━━━ SOURCE DATA ━━━

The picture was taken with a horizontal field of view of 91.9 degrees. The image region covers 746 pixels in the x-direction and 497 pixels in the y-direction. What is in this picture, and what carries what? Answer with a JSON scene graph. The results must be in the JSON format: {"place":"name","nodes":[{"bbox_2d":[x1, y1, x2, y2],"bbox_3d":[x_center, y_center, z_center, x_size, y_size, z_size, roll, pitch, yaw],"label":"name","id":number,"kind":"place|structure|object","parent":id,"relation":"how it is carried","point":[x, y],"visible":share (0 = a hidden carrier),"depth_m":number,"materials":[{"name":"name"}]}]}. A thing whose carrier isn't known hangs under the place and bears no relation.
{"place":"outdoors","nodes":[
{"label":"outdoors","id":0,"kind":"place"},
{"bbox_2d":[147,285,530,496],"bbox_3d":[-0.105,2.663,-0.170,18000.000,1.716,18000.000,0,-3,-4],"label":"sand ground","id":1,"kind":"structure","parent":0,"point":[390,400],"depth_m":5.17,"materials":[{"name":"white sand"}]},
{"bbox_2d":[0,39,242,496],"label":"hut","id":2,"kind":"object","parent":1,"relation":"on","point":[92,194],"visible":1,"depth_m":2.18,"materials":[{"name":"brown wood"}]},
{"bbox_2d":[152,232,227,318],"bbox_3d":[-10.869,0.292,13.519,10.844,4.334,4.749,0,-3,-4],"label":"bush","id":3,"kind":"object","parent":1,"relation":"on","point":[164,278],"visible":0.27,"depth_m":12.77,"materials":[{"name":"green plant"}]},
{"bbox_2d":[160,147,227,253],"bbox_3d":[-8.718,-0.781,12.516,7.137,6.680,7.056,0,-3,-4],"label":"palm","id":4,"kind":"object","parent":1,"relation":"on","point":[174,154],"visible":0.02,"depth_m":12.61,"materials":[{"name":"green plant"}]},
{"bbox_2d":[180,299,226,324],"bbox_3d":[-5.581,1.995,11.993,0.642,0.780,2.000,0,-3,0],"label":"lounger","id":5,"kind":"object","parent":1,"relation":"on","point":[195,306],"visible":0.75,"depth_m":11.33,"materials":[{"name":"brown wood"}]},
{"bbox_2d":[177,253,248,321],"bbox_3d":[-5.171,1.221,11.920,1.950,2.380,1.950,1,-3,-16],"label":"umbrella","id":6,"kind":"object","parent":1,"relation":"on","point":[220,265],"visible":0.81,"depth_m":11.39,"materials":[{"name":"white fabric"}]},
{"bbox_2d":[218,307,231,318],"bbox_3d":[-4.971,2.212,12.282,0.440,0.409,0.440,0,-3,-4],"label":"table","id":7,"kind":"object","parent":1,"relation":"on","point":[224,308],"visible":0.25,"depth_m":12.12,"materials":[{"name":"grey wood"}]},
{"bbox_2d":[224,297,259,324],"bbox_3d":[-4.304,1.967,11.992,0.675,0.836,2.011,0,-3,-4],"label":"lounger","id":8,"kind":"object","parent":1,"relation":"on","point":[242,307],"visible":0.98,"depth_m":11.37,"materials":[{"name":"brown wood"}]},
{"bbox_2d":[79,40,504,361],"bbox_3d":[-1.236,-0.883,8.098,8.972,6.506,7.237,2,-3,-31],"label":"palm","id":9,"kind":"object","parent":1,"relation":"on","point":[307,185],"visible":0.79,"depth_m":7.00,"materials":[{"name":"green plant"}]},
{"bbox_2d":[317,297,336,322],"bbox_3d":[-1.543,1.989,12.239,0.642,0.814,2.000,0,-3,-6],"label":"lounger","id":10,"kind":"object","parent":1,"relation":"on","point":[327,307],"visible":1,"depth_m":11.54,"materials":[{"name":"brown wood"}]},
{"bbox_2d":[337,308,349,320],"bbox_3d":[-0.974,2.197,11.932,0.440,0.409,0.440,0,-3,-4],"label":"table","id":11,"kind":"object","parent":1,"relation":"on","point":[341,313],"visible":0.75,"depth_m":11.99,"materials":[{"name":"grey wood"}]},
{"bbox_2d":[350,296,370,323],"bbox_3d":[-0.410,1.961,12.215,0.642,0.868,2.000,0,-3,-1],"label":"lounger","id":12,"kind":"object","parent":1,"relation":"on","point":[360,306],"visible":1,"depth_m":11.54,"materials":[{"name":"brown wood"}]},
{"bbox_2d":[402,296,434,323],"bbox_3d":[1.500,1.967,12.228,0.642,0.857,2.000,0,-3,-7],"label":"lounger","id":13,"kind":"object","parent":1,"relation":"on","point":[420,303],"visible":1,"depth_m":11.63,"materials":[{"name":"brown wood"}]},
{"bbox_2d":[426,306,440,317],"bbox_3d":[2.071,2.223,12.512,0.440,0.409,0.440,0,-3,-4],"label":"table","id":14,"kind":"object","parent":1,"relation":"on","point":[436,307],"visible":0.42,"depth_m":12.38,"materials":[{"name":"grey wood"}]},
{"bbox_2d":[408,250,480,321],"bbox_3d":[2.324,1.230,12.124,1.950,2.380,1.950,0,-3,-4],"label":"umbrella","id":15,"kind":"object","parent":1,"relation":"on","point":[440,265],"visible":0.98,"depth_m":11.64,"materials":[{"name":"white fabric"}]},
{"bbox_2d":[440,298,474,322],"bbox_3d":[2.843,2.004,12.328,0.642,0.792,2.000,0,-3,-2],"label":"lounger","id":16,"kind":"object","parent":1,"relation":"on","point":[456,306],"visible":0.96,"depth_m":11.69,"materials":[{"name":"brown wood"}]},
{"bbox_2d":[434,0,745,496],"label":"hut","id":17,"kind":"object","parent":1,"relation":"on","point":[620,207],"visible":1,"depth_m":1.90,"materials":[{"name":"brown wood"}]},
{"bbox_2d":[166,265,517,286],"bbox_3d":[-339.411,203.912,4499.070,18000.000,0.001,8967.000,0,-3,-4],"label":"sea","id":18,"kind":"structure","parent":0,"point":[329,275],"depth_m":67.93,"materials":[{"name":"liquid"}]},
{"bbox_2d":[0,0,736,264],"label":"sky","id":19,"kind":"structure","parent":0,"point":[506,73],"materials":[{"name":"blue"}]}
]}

━━━

The entries above must be returned in full, exactly as shown.

RESULT OF THIS TASK:
The picture was taken with a horizontal field of view of 91.9 degrees. The image region covers 746 pixels in the x-direction and 497 pixels in the y-direction. What is in this picture, and what carries what? Answer with a JSON scene graph. The results must be in the JSON format: {"place":"name","nodes":[{"bbox_2d":[x1, y1, x2, y2],"bbox_3d":[x_center, y_center, z_center, x_size, y_size, z_size, roll, pitch, yaw],"label":"name","id":number,"kind":"place|structure|object","parent":id,"relation":"how it is carried","point":[x, y],"visible":share (0 = a hidden carrier),"depth_m":number,"materials":[{"name":"name"}]}]}. A thing whose carrier isn't known hangs under the place and bears no relation.
{"place":"outdoors","nodes":[
{"label":"outdoors","id":0,"kind":"place"},
{"bbox_2d":[147,285,530,496],"bbox_3d":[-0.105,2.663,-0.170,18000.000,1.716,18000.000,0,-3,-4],"label":"sand ground","id":1,"kind":"structure","parent":0,"point":[390,400],"depth_m":5.17,"materials":[{"name":"white sand"}]},
{"bbox_2d":[0,39,242,496],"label":"hut","id":2,"kind":"object","parent":1,"relation":"on","point":[92,194],"visible":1,"depth_m":2.18,"materials":[{"name":"brown wood"}]},
{"bbox_2d":[152,232,227,318],"bbox_3d":[-10.869,0.292,13.519,10.844,4.334,4.749,0,-3,-4],"label":"bush","id":3,"kind":"object","parent":1,"relation":"on","point":[164,278],"visible":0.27,"depth_m":12.77,"materials":[{"name":"green plant"}]},
{"bbox_2d":[160,147,227,253],"bbox_3d":[-8.718,-0.781,12.516,7.137,6.680,7.056,0,-3,-4],"label":"palm","id":4,"kind":"object","parent":1,"relation":"on","point":[174,154],"visible":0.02,"depth_m":12.61,"materials":[{"name":"green plant"}]},
{"bbox_2d":[180,299,226,324],"bbox_3d":[-5.581,1.995,11.993,0.642,0.780,2.000,0,-3,0],"label":"lounger","id":5,"kind":"object","parent":1,"relation":"on","point":[195,306],"visible":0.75,"depth_m":11.33,"materials":[{"name":"brown wood"}]},
{"bbox_2d":[177,253,248,321],"bbox_3d":[-5.171,1.221,11.920,1.950,2.380,1.950,1,-3,-16],"label":"umbrella","id":6,"kind":"object","parent":1,"relation":"on","point":[220,265],"visible":0.81,"depth_m":11.39,"materials":[{"name":"white fabric"}]},
{"bbox_2d":[218,307,231,318],"bbox_3d":[-4.971,2.212,12.282,0.440,0.409,0.440,0,-3,-4],"label":"table","id":7,"kind":"object","parent":1,"relation":"on","point":[224,308],"visible":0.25,"depth_m":12.12,"materials":[{"name":"grey wood"}]},
{"bbox_2d":[224,297,259,324],"bbox_3d":[-4.304,1.967,11.992,0.675,0.836,2.011,0,-3,-4],"label":"lounger","id":8,"kind":"object","parent":1,"relation":"on","point":[242,307],"visible":0.98,"depth_m":11.37,"materials":[{"name":"brown wood"}]},
{"bbox_2d":[79,40,504,361],"bbox_3d":[-1.236,-0.883,8.098,8.972,6.506,7.237,2,-3,-31],"label":"palm","id":9,"kind":"object","parent":1,"relation":"on","point":[307,185],"visible":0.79,"depth_m":7.00,"materials":[{"name":"green plant"}]},
{"bbox_2d":[317,297,336,322],"bbox_3d":[-1.543,1.989,12.239,0.642,0.814,2.000,0,-3,-6],"label":"lounger","id":10,"kind":"object","parent":1,"relation":"on","point":[327,307],"visible":1,"depth_m":11.54,"materials":[{"name":"brown wood"}]},
{"bbox_2d":[337,308,349,320],"bbox_3d":[-0.974,2.197,11.932,0.440,0.409,0.440,0,-3,-4],"label":"table","id":11,"kind":"object","parent":1,"relation":"on","point":[341,313],"visible":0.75,"depth_m":11.99,"materials":[{"name":"grey wood"}]},
{"bbox_2d":[350,296,370,323],"bbox_3d":[-0.410,1.961,12.215,0.642,0.868,2.000,0,-3,-1],"label":"lounger","id":12,"kind":"object","parent":1,"relation":"on","point":[360,306],"visible":1,"depth_m":11.54,"materials":[{"name":"brown wood"}]},
{"bbox_2d":[402,296,434,323],"bbox_3d":[1.500,1.967,12.228,0.642,0.857,2.000,0,-3,-7],"label":"lounger","id":13,"kind":"object","parent":1,"relation":"on","point":[420,303],"visible":1,"depth_m":11.63,"materials":[{"name":"brown wood"}]},
{"bbox_2d":[426,306,440,317],"bbox_3d":[2.071,2.223,12.512,0.440,0.409,0.440,0,-3,-4],"label":"table","id":14,"kind":"object","parent":1,"relation":"on","point":[436,307],"visible":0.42,"depth_m":12.38,"materials":[{"name":"grey wood"}]},
{"bbox_2d":[408,250,480,321],"bbox_3d":[2.324,1.230,12.124,1.950,2.380,1.950,0,-3,-4],"label":"umbrella","id":15,"kind":"object","parent":1,"relation":"on","point":[440,265],"visible":0.98,"depth_m":11.64,"materials":[{"name":"white fabric"}]},
{"bbox_2d":[440,298,474,322],"bbox_3d":[2.843,2.004,12.328,0.642,0.792,2.000,0,-3,-2],"label":"lounger","id":16,"kind":"object","parent":1,"relation":"on","point":[456,306],"visible":0.96,"depth_m":11.69,"materials":[{"name":"brown wood"}]},
{"bbox_2d":[434,0,745,496],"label":"hut","id":17,"kind":"object","parent":1,"relation":"on","point":[620,207],"visible":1,"depth_m":1.90,"materials":[{"name":"brown wood"}]},
{"bbox_2d":[166,265,517,286],"bbox_3d":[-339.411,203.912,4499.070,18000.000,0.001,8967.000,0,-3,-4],"label":"sea","id":18,"kind":"structure","parent":0,"point":[329,275],"depth_m":67.93,"materials":[{"name":"liquid"}]},
{"bbox_2d":[0,0,736,264],"label":"sky","id":19,"kind":"structure","parent":0,"point":[506,73],"materials":[{"name":"blue"}]}
]}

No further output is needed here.